You are viewing a plain text version of this content. The canonical link for it is here.
Posted to user@mahout.apache.org by Lance Norskog <go...@gmail.com> on 2011/05/16 05:54:44 UTC

"Geometric Random Hyperplane LSH" - simple implementation

Some minor testing, based on previous mail threads (thanks Ted-I-mean-everyone).

A Locality-Sensitive-Hash space is defined 50 random vectors (0->1). A
sample vector's position in the LSH space is a bitset. Each entry the
sign of the cosine distance to that LSH vector. Thus every LSH
distance has 50 bits. This space of course has no negative vectors.

Test data: 1000 random vectors as samples. All values 0->1, linear distribution.
This test data gives no negative cosine distances, and so all bits are
0. This is expected (from previous mail threads).

Now, define the random vectors in the space as the dimension-wise
delta between two random vectors. This gives vector values ranging
from 0.5 to -0.5; The same test of 1000 random vectors gives Hamming
distances of 935 to 950 (non-matching) bits. Here is the
OnlineSummarizer output:
[(count=1000.0),(sd=4.15466),(mean=938.856),(min=928.0),(25%=935.935),(median=938.932),(75%=941.725),(max=951.0),]

Changing the sample vectors from linear to Gaussian, the distances
range from 915 to 960. The mid quartiles are farther from the median.
[(count=1000.0),(sd=5.52686),(mean=935.912),(min=916.0),(25%=931.871),(median=935.810),(75%=939.730),(max=961.0),]

Given the central limit theorem blah blah blah, this seems appropriate.

Should I spin a patch? Where would this go? I have dense&sparse
implementations, a Vector wrapper and some unit tests.

Next week in Jerusalem,

Lance Norskog
goksron@gmail.com

Re: "Geometric Random Hyperplane LSH" - simple implementation

Posted by Ted Dunning <te...@gmail.com>.
This seems suspicious.

Why are the Hamming distances not distributed around 500?

On Sun, May 15, 2011 at 8:54 PM, Lance Norskog <go...@gmail.com> wrote:

> Now, define the random vectors in the space as the dimension-wise
> delta between two random vectors. This gives vector values ranging
> from 0.5 to -0.5; The same test of 1000 random vectors gives Hamming
> distances of 935 to 950 (non-matching) bits. Here is the
> OnlineSummarizer output:
>
> [(count=1000.0),(sd=4.15466),(mean=938.856),(min=928.0),(25%=935.935),(median=938.932),(75%=941.725),(max=951.0),]
>

Re: "Geometric Random Hyperplane LSH" - simple implementation

Posted by Ted Dunning <te...@gmail.com>.
Here is code to create a difference basis and also code to do LSH encoding.

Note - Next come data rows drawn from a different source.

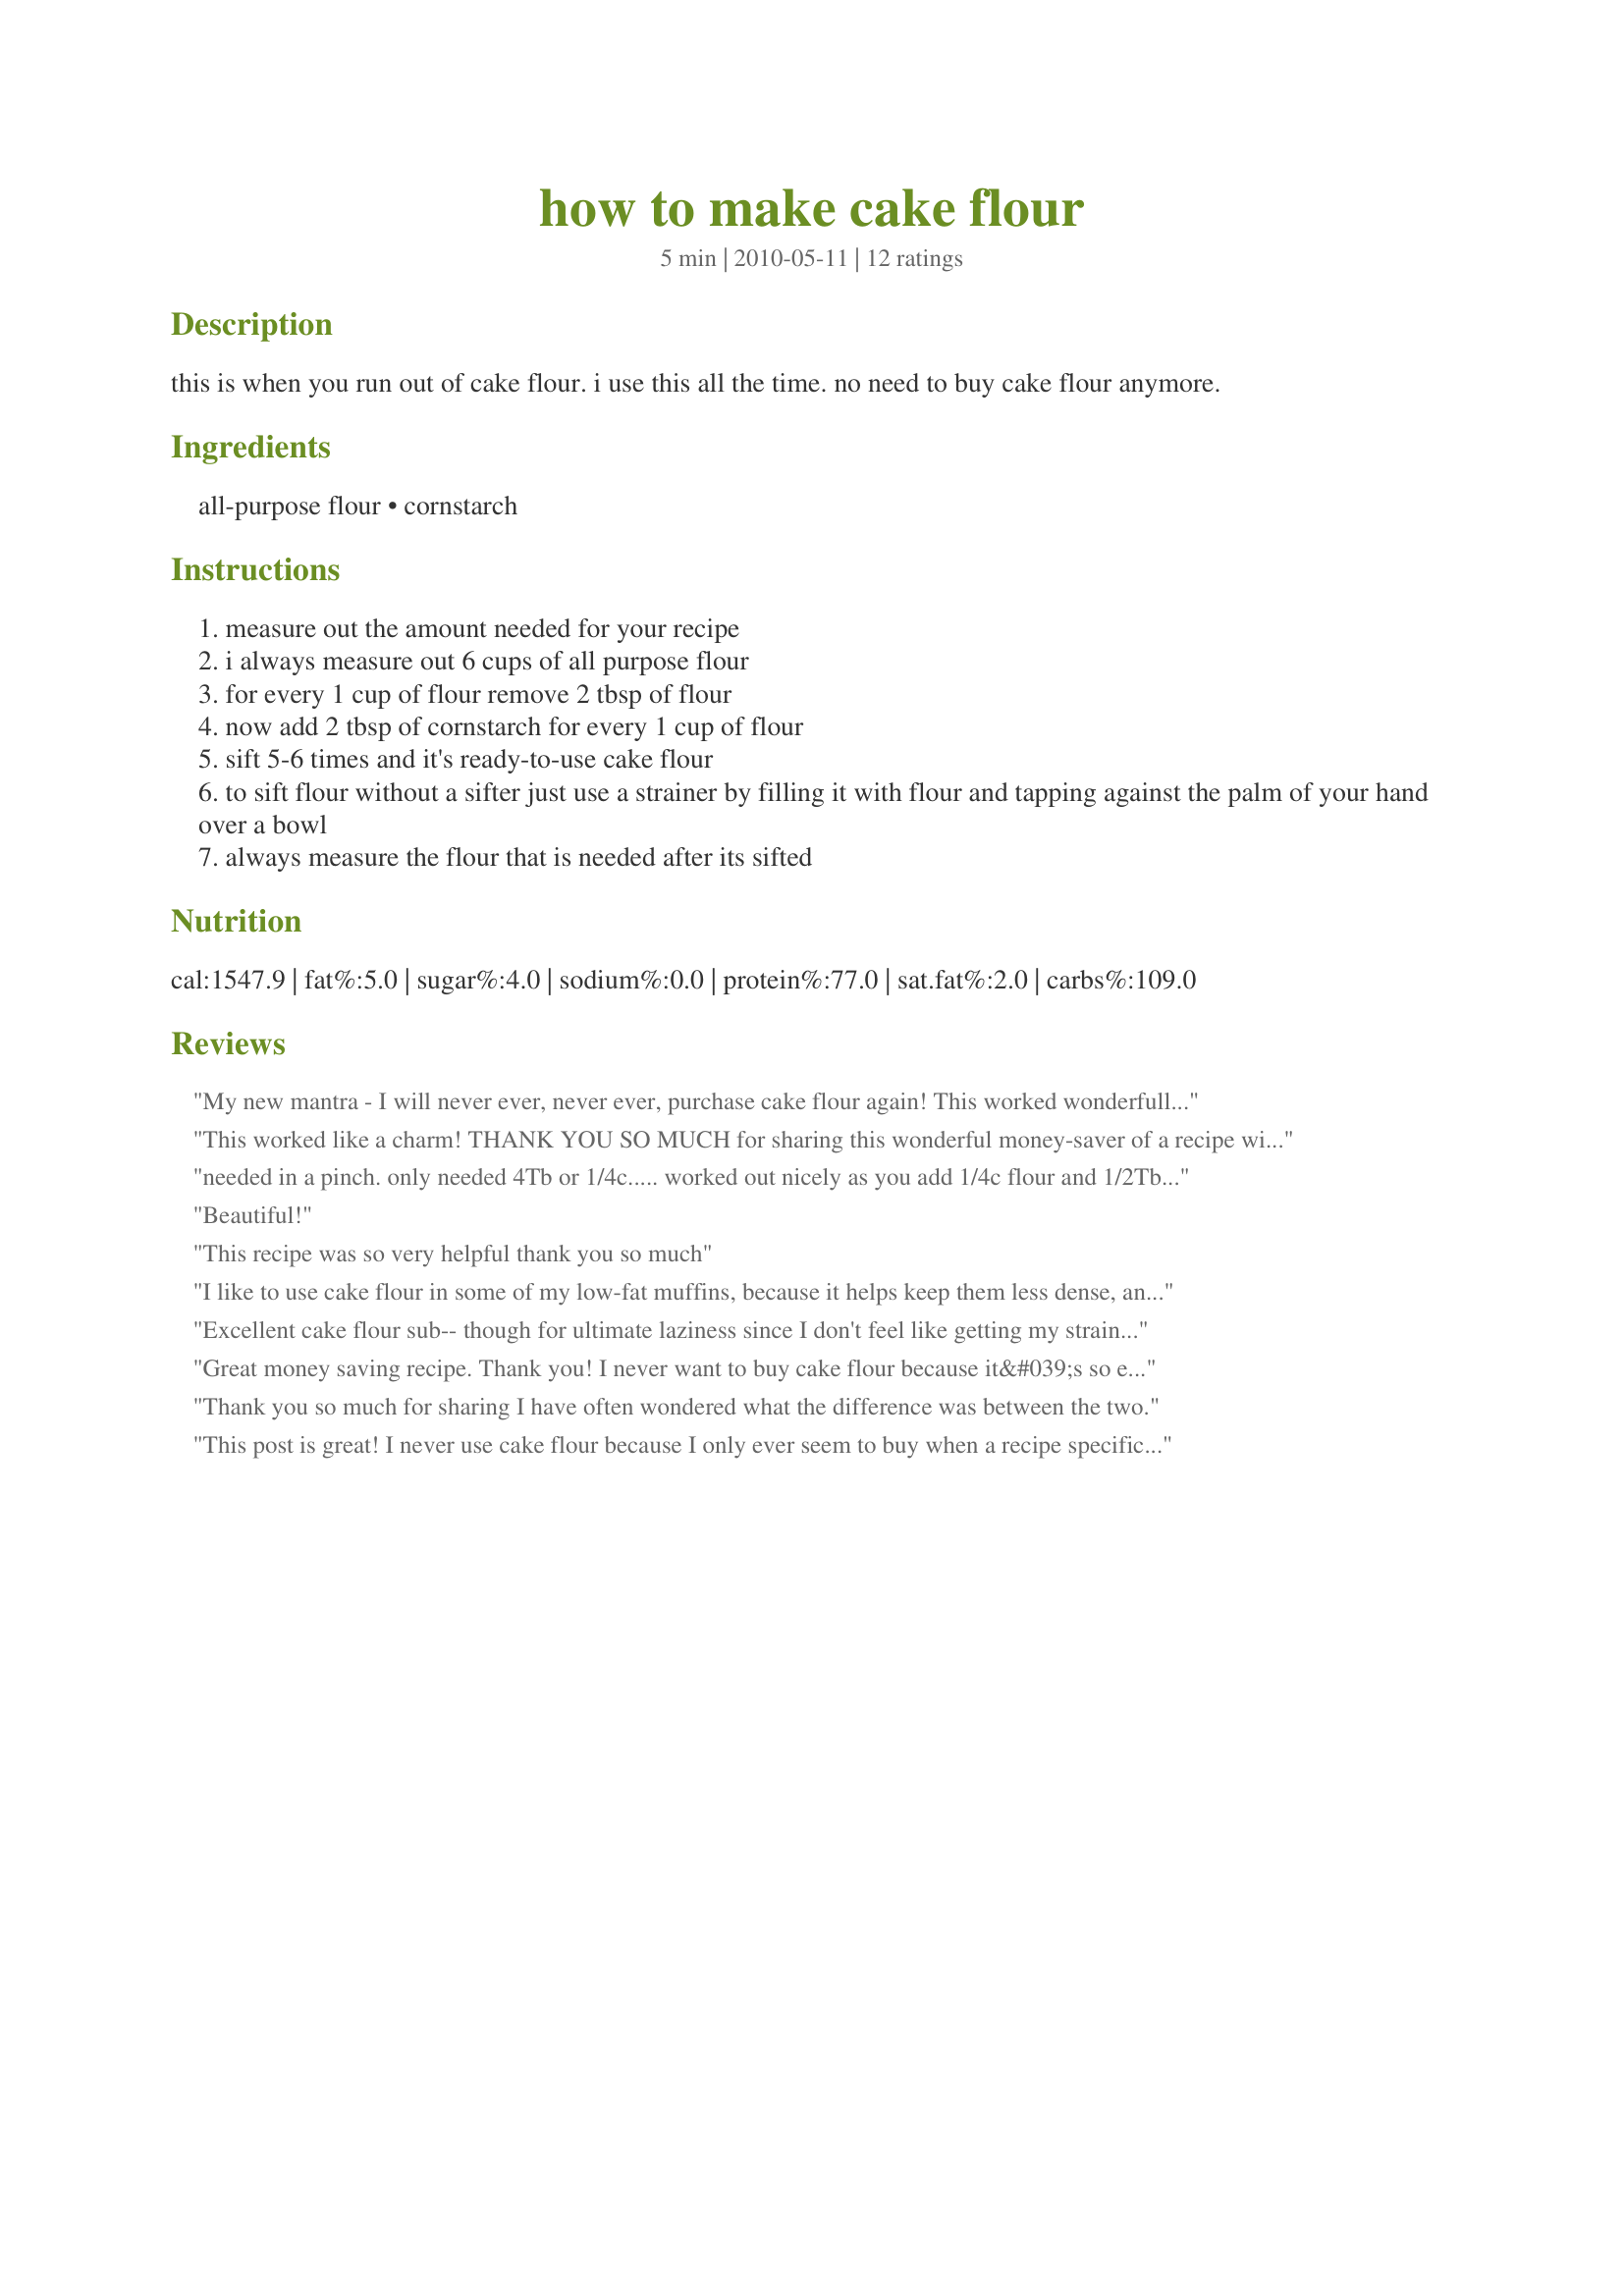
how to make cake flour
Preparation time: 5 minutes

this is when you run out of cake flour. i use this all the time. no need to buy cake flour anymore.

Ingredients:
all-purpose flour, cornstarch

Steps:
measure out the amount needed for your recipe
i always measure out 6 cups of all purpose flour
for every 1 cup of flour remove 2 tbsp of flour
now add 2 tbsp of cornstarch for every 1 cup of flour
sift 5-6 times and it's ready-to-use cake flour
to sift flour without a sifter just use a strainer by filling it with flour and tapping against the palm of your hand over a bowl
always measure the flour that is needed after its sifted

Reviews:
My new mantra - I will never ever, never ever, purchase cake flour again! This worked wonderfully in a dark chocolate cake I made for a friend's birthday. I turned the cake into cupcakes and they were so light and fluffy and I truly feel it is due to the freshness of the cake flour. I had no idea but now that I know I'll never purchase it again. Thanks for sharing such a wonderful recipe that will help save me time and money in my kitchen! Made for I Recommend Tag game.
This worked like a charm! THANK YOU SO MUCH for sharing this wonderful money-saver of a recipe with us, XAbbbyy!<br/>Made and reviewed for PAC Fall 2011.
needed in a pinch. only needed 4Tb or 1/4c..... worked out nicely as you add 1/4c flour and 1/2Tb cornstarch. thanks!!!!
Beautiful!
This recipe was so very helpful thank you so much
I like to use cake flour in some of my low-fat muffins, because it helps keep them less dense, and on Lalaloula's recommendation, I decided to try this. It works! And is easy and cheaper!!! Thanks for this helpful tip!
Excellent cake flour sub-- though for ultimate laziness since I don't feel like getting my strainer dirty...I just put the cornstarch and flour (spooning it into the measuring cup-- as putting the cup into the flour bag just packs it in and makes it dense; gently spoon it out!) into a bowl and stirred with a fork to disperse the cornstarch, and it worked just perfect. If you're allergic to corn, potato starch and arrowroot powder also make good "softeners".
Great money saving recipe. Thank you! I never want to buy cake flour because it&#039;s so expensive. I end up avoiding recipes that call for it. Now I use this recipe and just go for it when the recipe call for cake flour.
Thank you so much for sharing I have often wondered what the difference was between the two.
This post is great! I never use cake flour because I only ever seem to buy when a recipe specifically says to use it. I never knew the great things cake flour could do for my baked goods. I will definitely be giving this a shot. I&#039;d love see more posts like this. Thanks for sharing! http://www.juiceblendz.com/
You might want to rectify US to metric measurement as dry items are not measured in ml...not ever. Also for this the methodology only needs to specify how much corn starch needs to be added to to flour to make cake flour.
This is an easy to remember recipe. It worked well for me. The more times you sift the flour, the better.
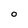
Character: O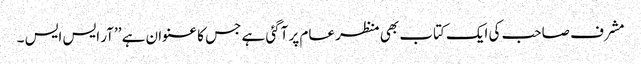
مشرف صاحب کی ایک کتاب بھی منظر عام پر آگئی ہے جس کا عنوان ہے ’’آر ایس ایس ۔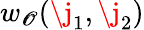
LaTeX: w_{\mathscr{O}}(\j_{1},\j_{2})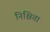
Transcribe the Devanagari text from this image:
निश्चिता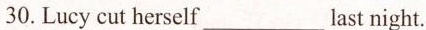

# creates an LSH basis set by picking pairs of vectors at random
# note that a significant amount of the time this will pick the same
# vector both times and the result will be zero.  This would be easy
# to fix, but I am lazy so I just live with it.
lshBasis = function(vectors, m) {
  n = dim(vectors)[2]
  v1 = vectors[ceiling(runif(m) * n), ]
  v2 = vectors[ceiling(runif(m) * n), ]
  return(v1-v2)
}

# encode a data point into a binary vector based on a given
# LSH basis
lshCode = function(basis, v) {
  if (!is.null(dim(v))) {
    # handle a matrix full of row vectors
    return(basis %*% t(v) > 0)
  } else {
    # handle a single vector
    return(basis %*% v > 0)
  }
}


On Mon, May 16, 2011 at 4:08 PM, Lance Norskog <go...@gmail.com> wrote:

> Please send or post your R code.
>
> On Sun, May 15, 2011 at 10:35 PM, Ted Dunning <te...@gmail.com>
> wrote:
> > I think I was the source of this expectation.
> >
> > And I also think I was wrong.
> >
> > I just did some experiments myself in R and random cut vectors seem to
> work
> > about as well as non-random ones for positive orthant vectors.  For oddly
> > distributed vectors, it still might be good to use difference vectors as
> a
> > basis for LSH, but I am much less convinced than before.
> >
> > On Sun, May 15, 2011 at 8:54 PM, Lance Norskog <go...@gmail.com>
> wrote:
> >
> >> Test data: 1000 random vectors as samples. All values 0->1, linear
> >> distribution.
> >> This test data gives no negative cosine distances, and so all bits are
> >> 0. This is expected (from previous mail threads).
> >>
> >
>
>
>
> --
> Lance Norskog
> goksron@gmail.com
>

Re: "Geometric Random Hyperplane LSH" - simple implementation

Posted by Lance Norskog <go...@gmail.com>.
Please send or post your R code.

On Sun, May 15, 2011 at 10:35 PM, Ted Dunning <te...@gmail.com> wrote:
> I think I was the source of this expectation.
>
> And I also think I was wrong.
>
> I just did some experiments myself in R and random cut vectors seem to work
> about as well as non-random ones for positive orthant vectors.  For oddly
> distributed vectors, it still might be good to use difference vectors as a
> basis for LSH, but I am much less convinced than before.
>
> On Sun, May 15, 2011 at 8:54 PM, Lance Norskog <go...@gmail.com> wrote:
>
>> Test data: 1000 random vectors as samples. All values 0->1, linear
>> distribution.
>> This test data gives no negative cosine distances, and so all bits are
>> 0. This is expected (from previous mail threads).
>>
>



-- 
Lance Norskog
goksron@gmail.com

Re: "Geometric Random Hyperplane LSH" - simple implementation

Posted by Ted Dunning <te...@gmail.com>.
I think I was the source of this expectation.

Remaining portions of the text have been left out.